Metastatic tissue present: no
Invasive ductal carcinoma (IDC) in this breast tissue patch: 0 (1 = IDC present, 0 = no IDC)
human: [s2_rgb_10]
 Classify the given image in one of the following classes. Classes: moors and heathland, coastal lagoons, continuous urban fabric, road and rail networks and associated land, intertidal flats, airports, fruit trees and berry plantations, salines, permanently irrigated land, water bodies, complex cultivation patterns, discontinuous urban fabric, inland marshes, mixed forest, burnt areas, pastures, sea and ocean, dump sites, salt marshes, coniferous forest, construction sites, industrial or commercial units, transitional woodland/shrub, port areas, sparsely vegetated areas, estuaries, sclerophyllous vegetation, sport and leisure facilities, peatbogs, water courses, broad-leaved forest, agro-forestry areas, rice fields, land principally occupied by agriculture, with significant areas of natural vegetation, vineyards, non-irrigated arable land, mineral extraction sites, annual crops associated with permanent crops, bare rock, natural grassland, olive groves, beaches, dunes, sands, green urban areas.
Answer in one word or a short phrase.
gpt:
________________
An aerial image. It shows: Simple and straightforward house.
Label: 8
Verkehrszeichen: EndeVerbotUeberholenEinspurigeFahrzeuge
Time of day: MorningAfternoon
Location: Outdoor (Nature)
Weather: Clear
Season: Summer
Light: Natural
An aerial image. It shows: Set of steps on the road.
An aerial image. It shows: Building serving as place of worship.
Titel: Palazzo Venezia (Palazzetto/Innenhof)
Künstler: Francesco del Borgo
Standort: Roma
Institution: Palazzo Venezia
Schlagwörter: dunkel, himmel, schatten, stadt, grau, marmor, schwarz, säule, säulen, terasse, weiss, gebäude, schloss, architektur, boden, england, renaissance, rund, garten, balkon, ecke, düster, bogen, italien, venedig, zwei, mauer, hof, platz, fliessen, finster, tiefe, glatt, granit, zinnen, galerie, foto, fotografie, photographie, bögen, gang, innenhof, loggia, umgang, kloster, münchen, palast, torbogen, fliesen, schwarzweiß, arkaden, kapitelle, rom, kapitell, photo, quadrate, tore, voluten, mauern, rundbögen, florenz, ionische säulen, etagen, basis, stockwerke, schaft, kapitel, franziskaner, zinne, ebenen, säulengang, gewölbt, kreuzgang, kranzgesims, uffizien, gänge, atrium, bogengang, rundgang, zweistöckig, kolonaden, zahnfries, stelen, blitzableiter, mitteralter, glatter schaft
________________
Problem statement> Look above for the line with "Invasive ductal carcinoma" and the line with "human: [s2_rgb_10]". Retype those two lines and every line between them exactly, adding nothing.

Response>
Invasive ductal carcinoma (IDC) in this breast tissue patch: 0 (1 = IDC present, 0 = no IDC)
human: [s2_rgb_10]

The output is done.